Interspersed in the treatment are attempts to clarify unresolved issues in the MWU agenda. One concerns Kjellmer’s (1991) idea that while natives process language in prefabricated sequences learners rely on grammars and lexicons which leaves them “sounding odd.” A problem is that if fluency is impossible without access to MWU’s (Sinclair, 1991), but learners do become fluent users of second languages, then either they employ such units or else fluency can be achieved on a words-and-rules basis. One way through the paradox is the frequent finding (e.g., Cobb, 2003) that learners do use MWU’s including collocations, and indeed over-use the few that they have, which is why their language sounds odd. Nesselhauf proposes another angles on the Kjellmer question, which there is no space to mention and anyway a review should not give away too much!

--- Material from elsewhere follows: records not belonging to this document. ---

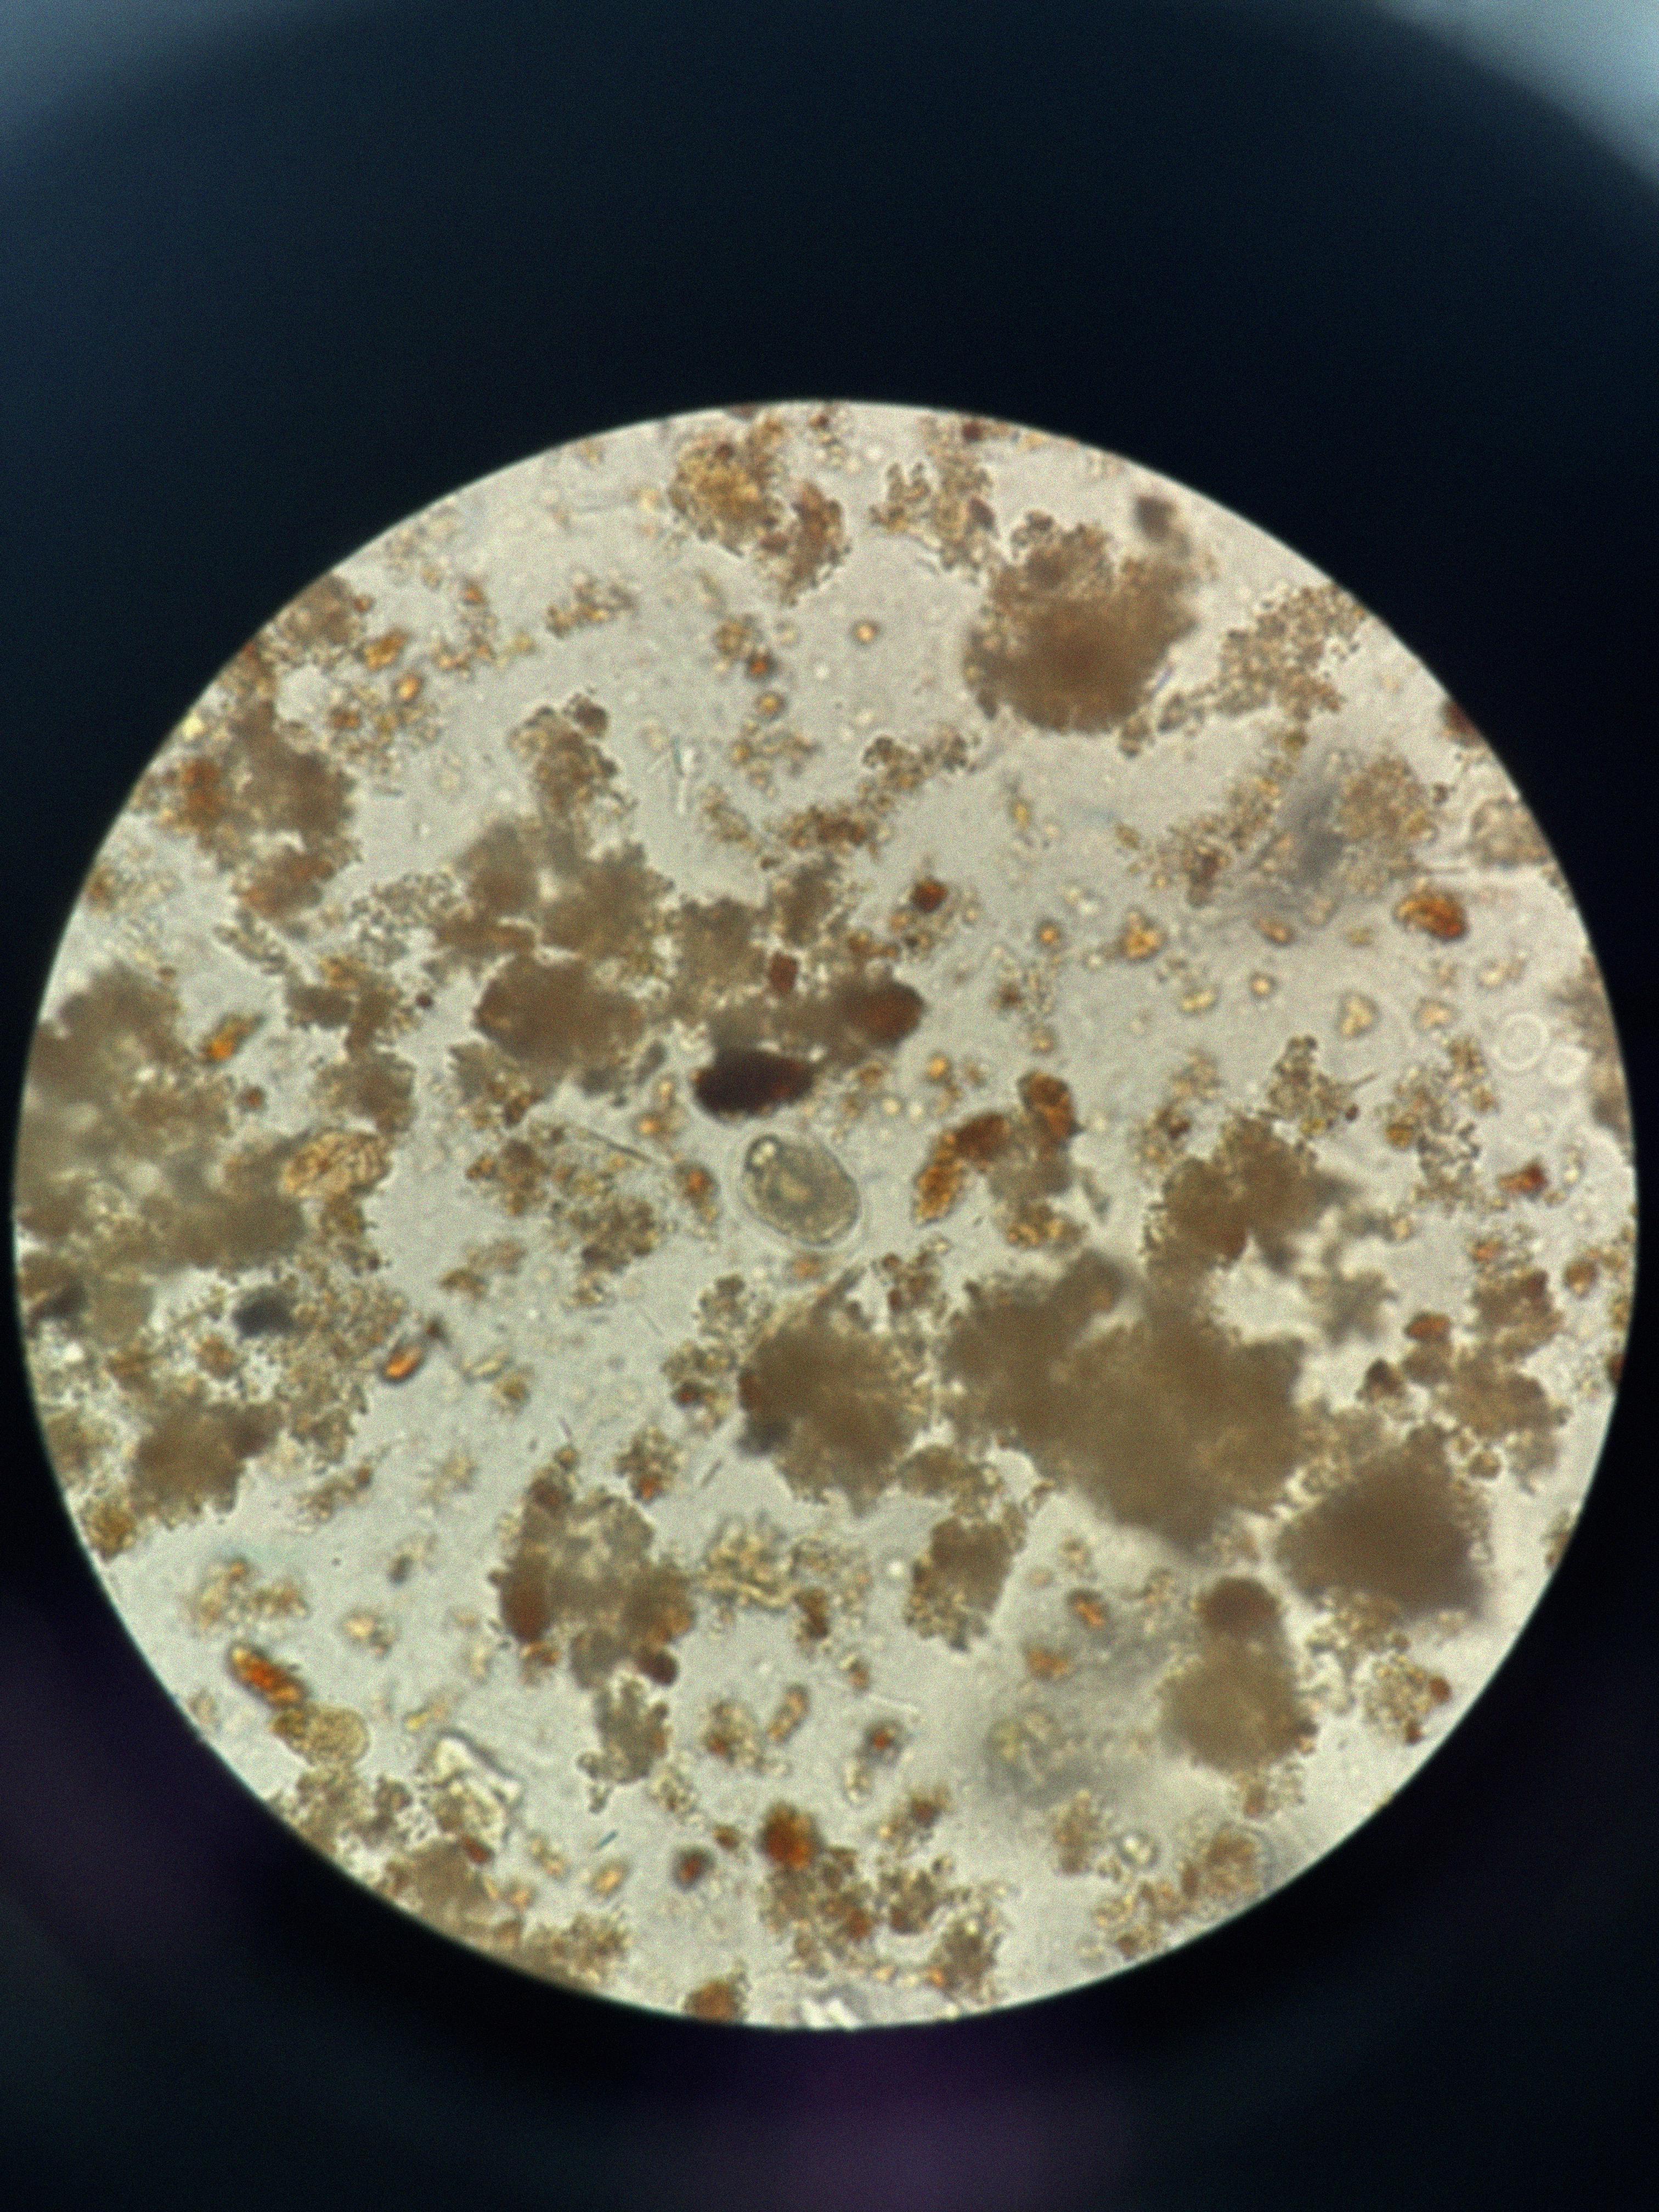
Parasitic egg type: Hookworm egg
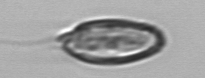
Label: Katodinium_or_Torodinium
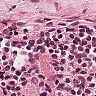
Metastatic tissue present: no
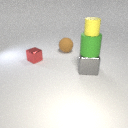
small yellow rubber cylinder above large gray metal cube
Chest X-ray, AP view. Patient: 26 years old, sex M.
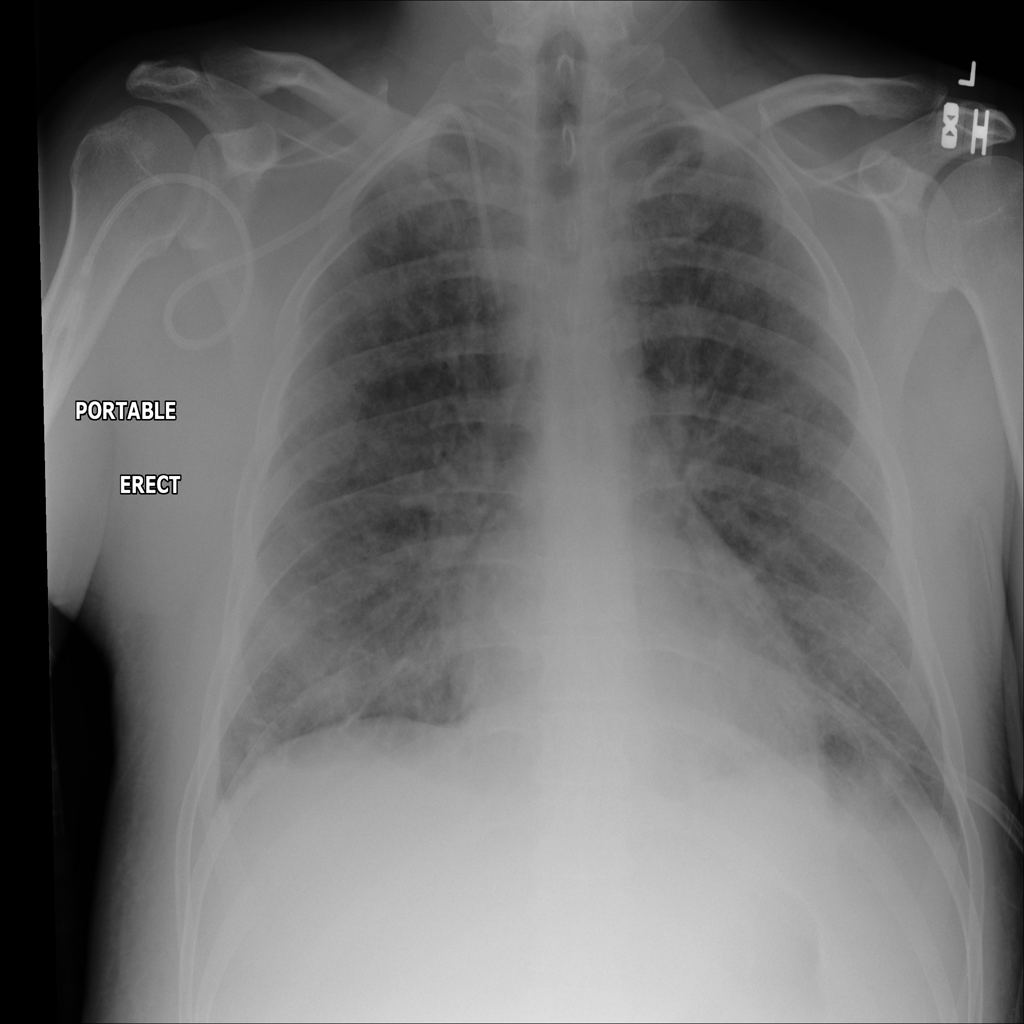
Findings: Infiltration
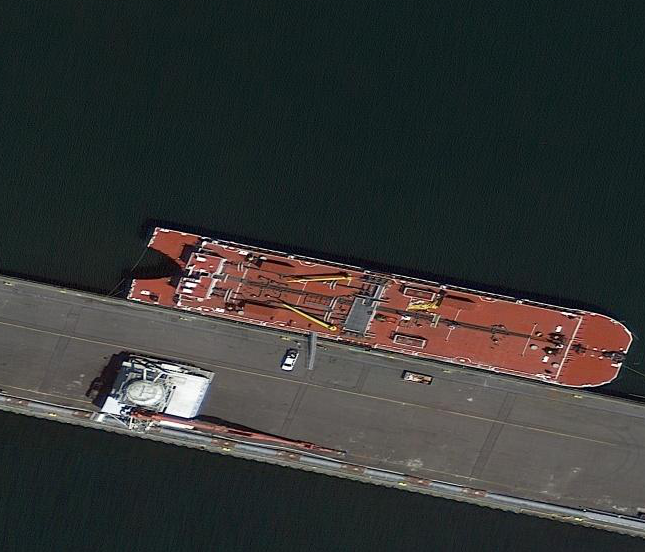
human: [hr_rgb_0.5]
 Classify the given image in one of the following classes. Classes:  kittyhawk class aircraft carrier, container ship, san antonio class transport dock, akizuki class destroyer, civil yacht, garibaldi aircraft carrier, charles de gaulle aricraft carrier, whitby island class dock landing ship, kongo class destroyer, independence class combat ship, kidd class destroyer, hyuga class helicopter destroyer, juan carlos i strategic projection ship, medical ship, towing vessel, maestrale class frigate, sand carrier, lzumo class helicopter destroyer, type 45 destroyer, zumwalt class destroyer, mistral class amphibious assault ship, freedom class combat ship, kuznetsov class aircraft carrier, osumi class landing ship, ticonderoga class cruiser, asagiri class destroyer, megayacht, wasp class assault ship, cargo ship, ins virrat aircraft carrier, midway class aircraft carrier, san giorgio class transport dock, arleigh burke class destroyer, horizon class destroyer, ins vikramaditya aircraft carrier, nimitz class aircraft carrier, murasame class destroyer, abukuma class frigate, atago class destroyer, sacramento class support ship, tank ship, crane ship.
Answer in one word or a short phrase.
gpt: Tank ship
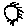
Label: sun
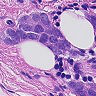
Metastatic tissue present: yes
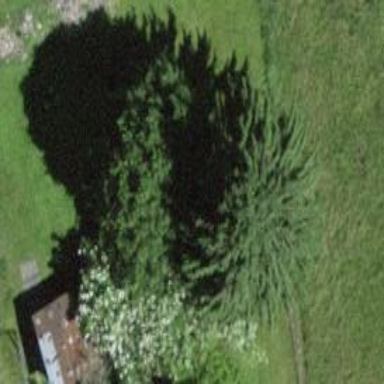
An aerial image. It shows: Single tag "natural: tree."
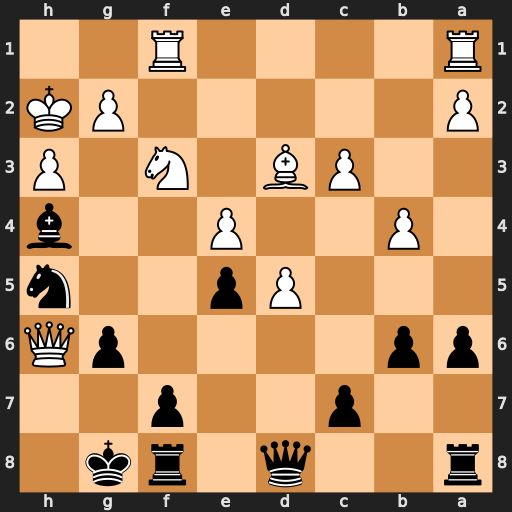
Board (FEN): r2q1rk1/2p2p2/pp4pQ/3Pp2n/1P2P2b/2PB1N1P/P5PK/R4R2
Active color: b
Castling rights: -
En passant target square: -
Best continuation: Bg3+ Kh1 Bf4 Qxh5 gxh5
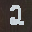
Label: 2
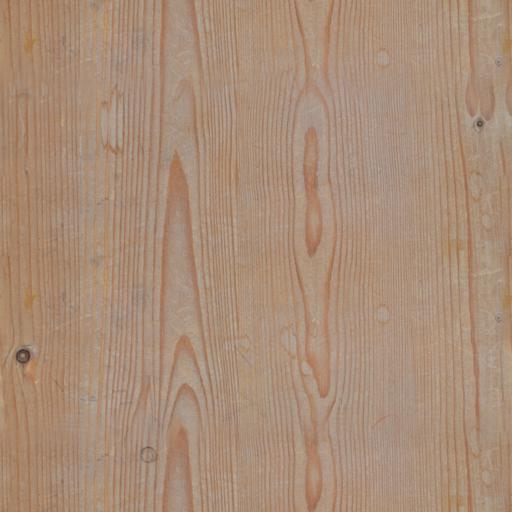
Tags: rough wood wooden
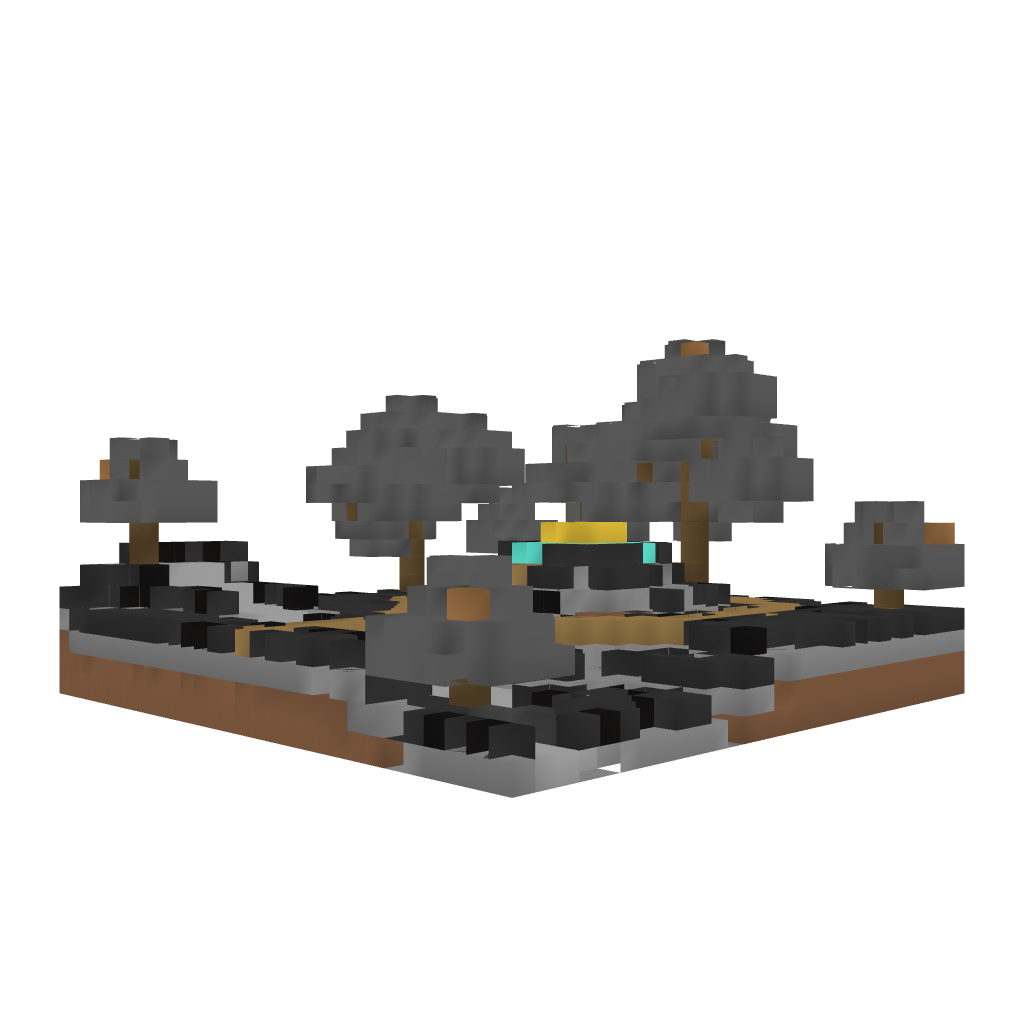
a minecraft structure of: Grden with WIther Platform
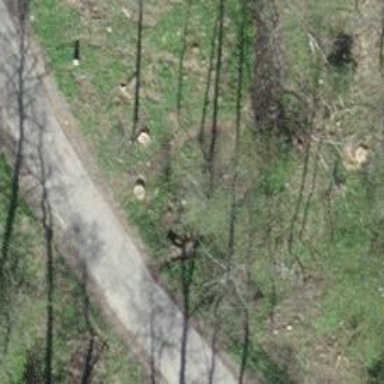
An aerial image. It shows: Culvert tunnel.
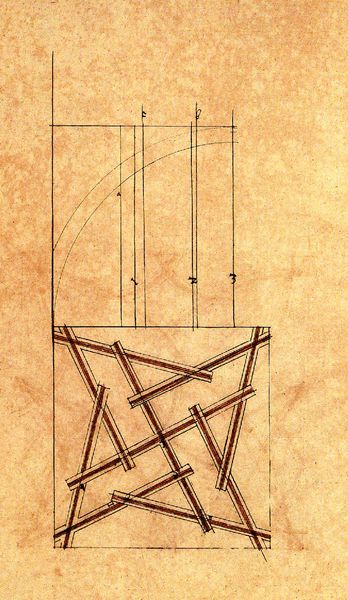
Titel: Codex Miniatus 3
Institution: Wien, Österreichische Nationalbibliothek
Schlagwörter: dreieck, ocker, braun, holz, schwarz, skizze, zeichnung, beige, ornament, architektur, verbindung, kreis, bogen, studie, abstrakt, formen, grafik, linien, zahlen, balken, striche, segment, kurven, kreuz, symmetrisch, form, entwurf, schema, pergament, viertelkreis, kurve, stäbe, konstruktion, hol, geometrie, quadrat, konstruktivismus, aufriss
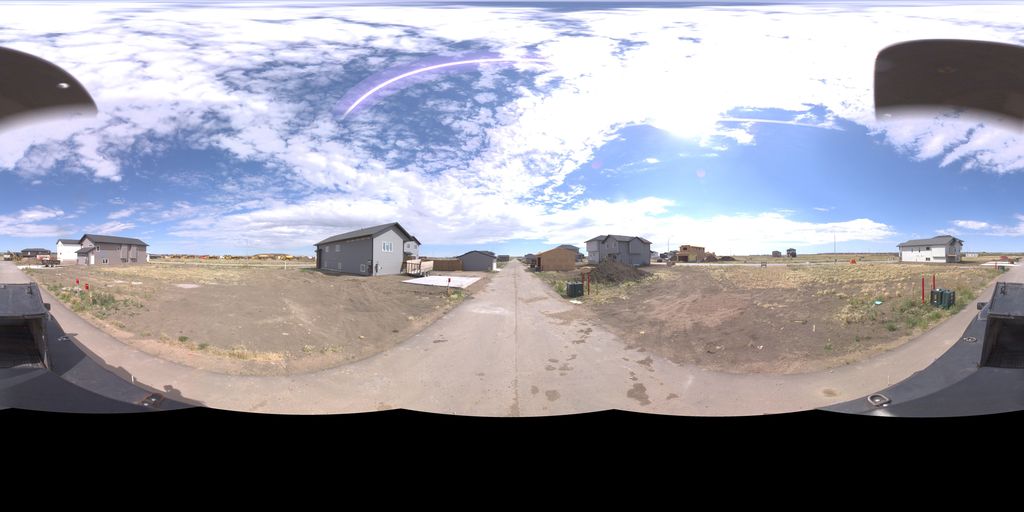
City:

It is be hoped that the clear thinking and methodological exactitude of Nesselhauf’s study will be taken up in further studies. Should others accept the challenge to advance the MWU agenda through hard and careful work as Nesselhauf has done, there are some things to watch for in the write-up. First, while detail and precision clearly advance the research, the reading can be heavy going (e.g., pp. 240-241 offer two pages of closely reasoned linguistics with just one example to give a breather). Second, some of the apparatus of a thesis is out of place for a book audience (e.g., 30 pages of endnotes). Third, with all the pains taken to quantify her data, Nesselhauf nonetheless relies entirely on descriptive statistics even when making comparisons (e.g., between collocation counts in timed and non-timed writing). She even describes the results of comparisons with folkloric expressions: the length of stay in an English speaking country “does not seem to lead to” an increased use collocations (p. 236); the percentage of deviant collocations for users and non-users of dictionaries was “exactly the same” at 36.1% (p. 231). Isn’t the point of t-tests to tell us which differences are really different, etc?


These criticisms are just to say that no study can do everything and much work remains to be done in this area. The methods developed here are eminently replicable, the holes to plug are obvious. This is not easy research, but careers will be made in it  – this is the first act in a drama that will unfold for years to come.


Jan 3, 2006


By Tom Cobb

Dépt. de linguistique et de didactique des langues

Université du Québec à Montréal

For Canadian Modern Language Review.




Cobb, T. (2003). Analyzing late interlanguage with learner corpora: Quebec replications of three European studies. Canadian Modern Language Review, 59(3), 393-423


Granger, S., Ed. (1998). Learner English on computer. London: Longman.


Kjellmer, G. (1991). A mint of phrases. In Aijmer, K., & Altenberg, B. (Eds.), English Corpus Linguistics (111-127). London: Longman.


Sinclair, J. (1991). Corpus, concordance, collocation. Oxford: Oxford University Press.